I'm hoping.  I gave up on keeping up with the storm and digging the car out in advance.  The wind keeps blowing it back and the plows keep going down the road destroying all efforts to make the AM easy.

We beat the snowfall record set at Bradley Airport in 1903 today by getting more than 10 inches.  Just above us, those up the line are getting 2 inches an hour of falling white fluff.

----------


## varmint

I haven't had to shovel the garage door even once today!!!
I don't mind the poor groundhog too much.

----------


## Jubilee

You guys are getting the storm that went through here Sat/Sun. We got 8inches of snow after a nice base of ice was laid down a couple of hours before the snow hit.

Boy was my mom in for a rude awakening last night. She was bragging about how it has been 70 all week, and after being delayed for 3 hrs in Atlanta, she gets here to snow and slush all around with temps in the teens. Only took us four hours to take her home and get back to ours.  About twice as long as it should have taken.  

The highways from Indianapolis was nice and clear but the roads in the city was treacherous. And you got to love the county roads. We still have several counties in snow emergencies cause of the blowing and drifting.
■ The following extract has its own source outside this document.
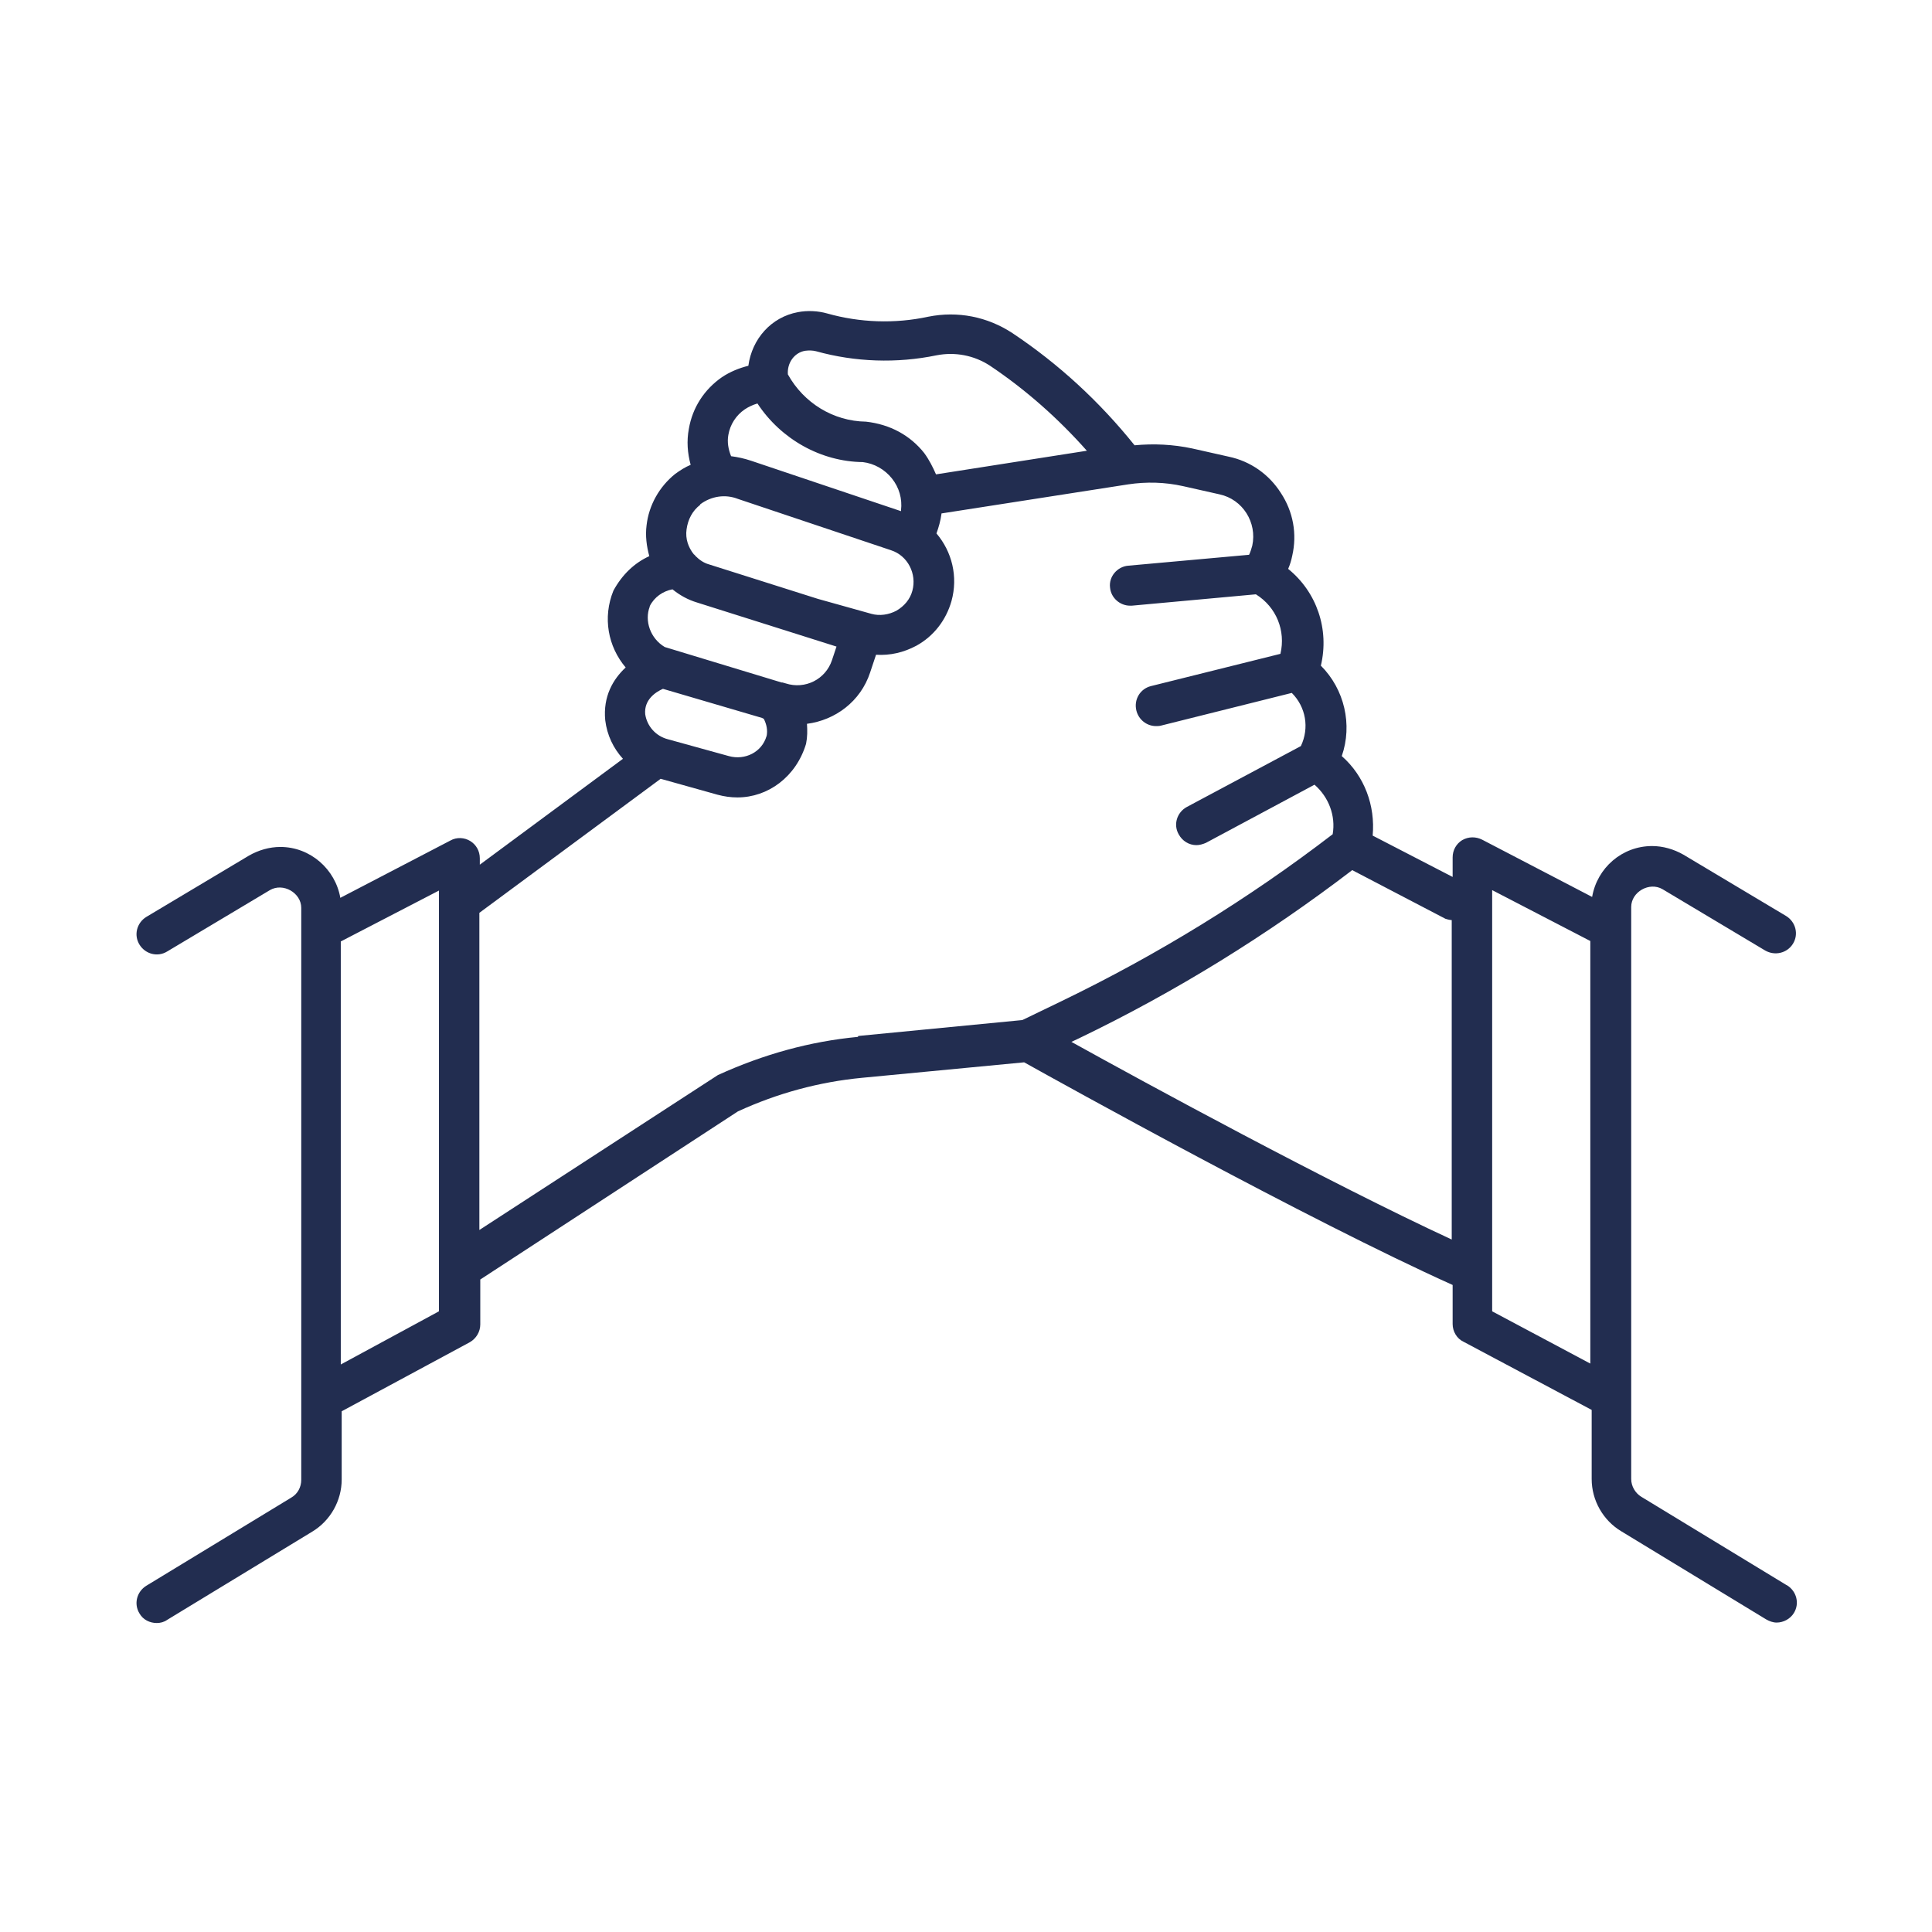<?xml version="1.0" encoding="UTF-8"?>
<svg preserveAspectRatio="xMidYMid slice" xmlns="http://www.w3.org/2000/svg" id="Ebene_1" width="800px" height="800px" viewBox="0 0 42.52 42.52">
  <path d="m39.31,34.88l-3.19-1.94c-.13-.08-.22-.23-.22-.39v-12.59c0-.33.4-.56.69-.39l2.26,1.35c.21.12.48.06.61-.15.13-.21.06-.48-.15-.61l-2.26-1.35c-.21-.12-.45-.19-.69-.19-.66,0-1.21.48-1.32,1.12l-2.42-1.26c-.14-.07-.3-.07-.44.01-.13.08-.21.22-.21.38v.43l-1.76-.91c.06-.66-.18-1.31-.68-1.75.24-.69.06-1.47-.46-1.99.19-.8-.09-1.62-.72-2.13.04-.09.07-.19.09-.29.11-.48.02-.97-.25-1.38-.26-.41-.67-.7-1.15-.8l-.8-.18c-.42-.09-.85-.11-1.27-.07-.77-.96-1.67-1.79-2.69-2.47-.55-.36-1.2-.49-1.85-.36-.74.16-1.51.13-2.22-.07-.21-.06-.44-.07-.65-.03-.59.11-1.01.59-1.09,1.18-.2.05-.4.13-.58.25-.39.27-.65.67-.73,1.14-.05.27-.03.53.04.79-.12.05-.23.12-.34.2-.35.28-.58.69-.63,1.13-.03.23,0,.46.06.68-.33.15-.6.41-.79.76-.24.59-.12,1.23.27,1.69-.28.26-.5.64-.45,1.16.04.33.18.62.39.85l-3.15,2.33v-.14c0-.16-.08-.3-.21-.38-.13-.08-.3-.09-.44-.01l-2.42,1.26c-.11-.63-.66-1.12-1.32-1.12-.24,0-.48.07-.69.19l-2.26,1.35c-.21.13-.28.4-.15.61.13.21.4.28.61.15l2.26-1.35c.29-.17.69.06.69.39v12.59c0,.16-.08.31-.22.39l-3.19,1.94c-.21.13-.28.4-.15.61.08.14.23.21.38.21.08,0,.16-.02.23-.07l3.19-1.94c.4-.24.65-.68.65-1.15v-1.5l2.82-1.52c.14-.08.23-.23.23-.39v-.99l5.67-3.7c.87-.4,1.79-.65,2.74-.74l3.56-.34c.86.48,6.23,3.46,9.43,4.9v.86c0,.16.09.32.24.39l2.82,1.5v1.52c0,.47.25.91.65,1.15l3.19,1.94c.07.04.15.07.23.07.15,0,.3-.08.38-.21.13-.21.06-.48-.15-.61ZM17.72,7.72c.08-.01.16-.01.24.01.86.24,1.78.27,2.65.09.41-.08.83,0,1.18.23.79.53,1.5,1.16,2.13,1.87l-3.32.52c-.07-.16-.15-.32-.26-.47-.31-.39-.75-.63-1.28-.69-.72-.01-1.37-.41-1.72-1.04-.02-.25.14-.48.38-.52Zm-1.69,1.85c.04-.23.17-.43.36-.56.09-.06.18-.1.28-.13.52.79,1.4,1.28,2.32,1.29.25.03.48.16.64.36s.23.45.2.7c0,0,0,.01,0,.02l-3.3-1.11c-.15-.05-.29-.08-.44-.1-.06-.15-.09-.31-.06-.47Zm-.62,1.53c.24-.18.55-.23.83-.12l3.37,1.13c.37.12.57.52.47.89-.05.19-.18.34-.35.44-.17.09-.37.12-.55.07l-1.18-.33s0,0,0,0l-2.4-.76c-.11-.03-.21-.1-.29-.18-.01-.01-.02-.03-.04-.04-.12-.15-.19-.34-.16-.55.03-.22.13-.41.3-.54Zm-1.11,2.24c.1-.2.29-.33.5-.37.16.13.34.23.54.29l3.07.97-.1.3c-.14.42-.59.65-1.02.51l-.07-.02s-.02,0-.02,0l-2.57-.78c-.32-.19-.45-.58-.33-.89Zm2.57,2.86c-.1.35-.47.54-.83.44l-1.34-.37c-.27-.07-.46-.29-.5-.55-.03-.32.23-.49.39-.56l2.18.64.04.02c.06.12.09.25.06.39Zm-7.21,12.66l-2.16,1.17v-9.31l2.16-1.12v9.27Zm9.22-6.04c-1.05.1-2.07.38-3.08.84l-5.25,3.41v-6.98l3.99-2.95,1.25.35c.15.04.29.06.44.06.67,0,1.29-.45,1.51-1.18.03-.15.03-.29.02-.44.62-.08,1.18-.49,1.39-1.13l.13-.39c.31.02.61-.05.89-.2.38-.21.65-.56.77-.98.15-.54.01-1.09-.33-1.49.05-.14.09-.28.11-.43,0,0,0,0,0-.01l4.11-.64c.4-.06.81-.05,1.21.04l.8.18c.51.11.83.62.72,1.13-.02.07-.04.14-.07.2l-2.66.24c-.24.02-.43.24-.4.48.02.23.22.4.44.4.01,0,.03,0,.04,0l2.73-.25c.45.28.66.8.54,1.31l-2.85.71c-.24.06-.38.3-.32.54.05.2.23.34.43.34.04,0,.07,0,.11-.01l2.88-.72c.31.31.39.77.2,1.17l-2.51,1.34c-.22.12-.3.39-.18.6.08.15.23.24.39.24.07,0,.14-.02.21-.05l2.39-1.28c.31.27.47.68.4,1.09-1.85,1.42-3.85,2.65-5.96,3.67l-.87.42-3.61.35Zm4.7.11l.17-.08c2.12-1.02,4.14-2.27,6.01-3.7l2.05,1.07s.09.03.14.03v7.03c-2.72-1.26-6.73-3.44-8.37-4.35Zm9.26,5.92v-.87s0,0,0-.01v-8.38l2.16,1.12v9.3l-2.16-1.15Z" fill="#222d50"></path>
</svg>

The road my parents live on would have drifted shut after the plows had been on it numerous times if it weren't for the farmers taking turns clearing it every couple of hours. Then in many places it was barely passible. You had to have 4 wheel drive or you were getting nowhere. It was strange to see their yard, you can see grass in most places only cause the snow was drifted against anything that stuck up more than 2 inches .. Like my dad's pickup, it was buried in a drift, and so was my sister's van... 

I normally like the white stuff..but if we didn't get a single flake more, we are at the number four slot on the most snow in our area since they first started keeping track...and there are two more systems they are watching for the weekend...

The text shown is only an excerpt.